Avistamientos y soluciones
En El problema del lobo en la ciudad La LAC, la Liga para la Abolición de la Caza, también expresó su opinión. Este es su resumen: «En cuanto a la pregunta del vicepresidente del Consejo Regional, Giacomo Rossi, sobre los avistamientos de lobos en zonas residenciales, en la que afirma que «el concejal Bugaro ya se ha puesto en contacto con los alcaldes, incluso a través de los prefectos, para comunicarles la posibilidad de implementar el protocolo ISPRA, que prevé la captura de ejemplares en casos problemáticos y su posterior liberación en zonas adecuadas», el objetivo es simplemente engañar a los ciudadanos con soluciones vanas e irrealistas. En primer lugar, porque el lobo, a pesar de su degradación, sigue siendo una especie protegida y, por lo tanto, no puede corresponder a los alcaldes, prefectos o incluso a cada región decidir si, cómo y cuándo «capturar» ejemplares de lobo en un territorio determinado y reubicarlos en otras «zonas adecuadas». En segundo lugar, porque ese mismo territorio, que también puede incluir zonas residenciales, «liberado» de lobos sería rápidamente reocupado por otra manada.»
Las muertes de los lobos
El tamaño del territorio de una manada de lobos (una manada consta de 5 o 6 lobos como máximo) en los Apeninos varía entre 120 y 200 km², y su tamaño depende principalmente de la disponibilidad de presas.

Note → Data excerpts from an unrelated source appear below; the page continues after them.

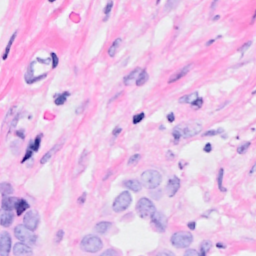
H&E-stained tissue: Breast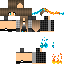
A female human skin with medium skin, wearing brown long hair dressed in a blue hoodie and black pants, featuring a closed mouth.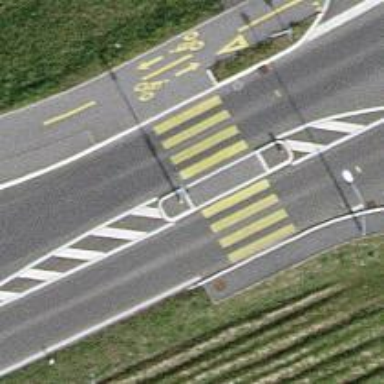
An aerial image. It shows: Uncontrolled crossing with central island on the road.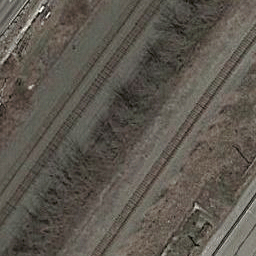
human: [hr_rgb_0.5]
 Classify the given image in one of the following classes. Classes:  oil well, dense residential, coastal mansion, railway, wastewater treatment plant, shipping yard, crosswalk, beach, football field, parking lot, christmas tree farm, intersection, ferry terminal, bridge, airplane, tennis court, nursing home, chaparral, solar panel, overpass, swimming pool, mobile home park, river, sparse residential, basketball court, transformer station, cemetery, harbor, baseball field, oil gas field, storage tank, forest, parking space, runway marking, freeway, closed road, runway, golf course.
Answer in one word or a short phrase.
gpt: railway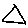
Label: triangle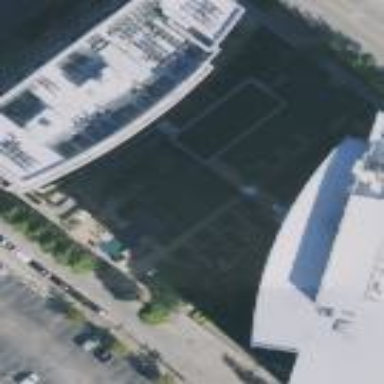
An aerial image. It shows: Parking building.
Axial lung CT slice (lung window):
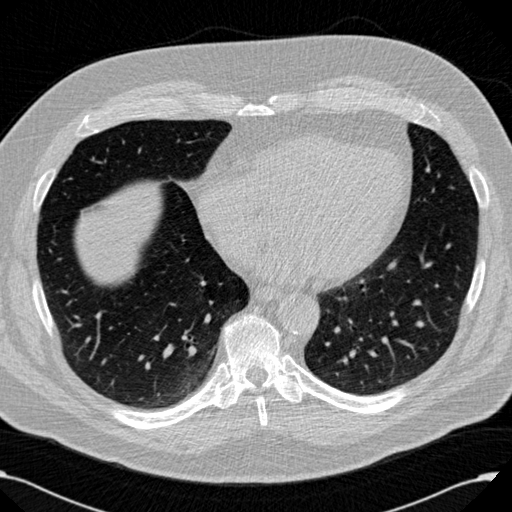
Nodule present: no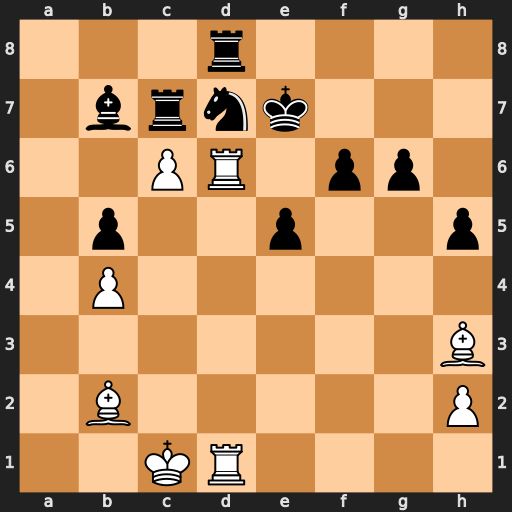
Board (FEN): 3r4/1brnk3/2PR1pp1/1p2p2p/1P6/7B/1B5P/2KR4
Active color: w
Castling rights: -
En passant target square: -
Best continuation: Rxd7+ Rdxd7 Rxd7+ Rxd7 Bxd7

Cada manada delimita su territorio con heces y orina, y mata a cualquier lobo foráneo que se atreva a entrar. Por lo tanto, si la manada "ocupante" se desplazara o fuera eliminada, ese territorio sería inmediatamente reocupado por otra manada. Además, no es cierto que la población de lobos en Italia esté en "gran expansión". De hecho, una manada de lobos se compone de una pareja "alfa", la única que se reproduce, y dos o tres crías de la pareja. Los lobos se reproducen una vez al año, y una pareja da a luz de dos a seis crías, la mitad de las cuales, en promedio, no sobreviven al año siguiente. Las crías supervivientes permanecen con su madre y la manada durante un máximo de uno o dos años, y luego son retiradas y se dispersan en busca de nuevos hogares. Nuevos territorios y, de estos lobos, en promedio, solo uno de cada cuatro sobrevive. Además, se estima que cada año entre 200 y 500 lobos en Italia mueren por disparos, veneno, trampas o atropellos. Por lo tanto, es prácticamente imposible que su número aumente; de hecho, es mucho más probable que disminuya.
las fincas
Considerando que, en el último monitoreo de 2021, el ISPRA registró la presencia de aproximadamente 3.300 lobos en toda Italia, es evidente la baja densidad de estos animales y cómo el lobo ha saturado completamente su área de distribución, reocupando casi por completo su territorio histórico, del que fue exterminado a mediados de la década de 70. Es totalmente falso que el lobo se alimente principalmente de animales de granja o domésticos, y que este tipo de depredación esté en aumento. De hecho, la dieta del lobo se compone en más del 70% de jabalíes, de los cuales se alimenta de los ejemplares más jóvenes, lo que contribuye al envejecimiento de la población de ungulados, estabilizándola en cifras tolerables en los territorios que controla. Así lo demuestran los últimos datos disponibles sobre el sacrificio de jabalíes en cacerías programadas y controladas, que confirman un fuerte descenso de la población de jabalíes, precisamente gracias al papel fundamental del lobo en la cima de la pirámide alimentaria. Otro 25% de su dieta está compuesta por otros ungulados (corzos, ciervos, gamos, etc.) y la nutria, especie exótica e invasora, mientras que menos del 5% está constituido por animales de granja y de compañía, que son depredados exclusivamente porque se les deja sin vigilancia y sin perros guardianes (pastores de los Abruzos) o sin medidas de protección eficaces.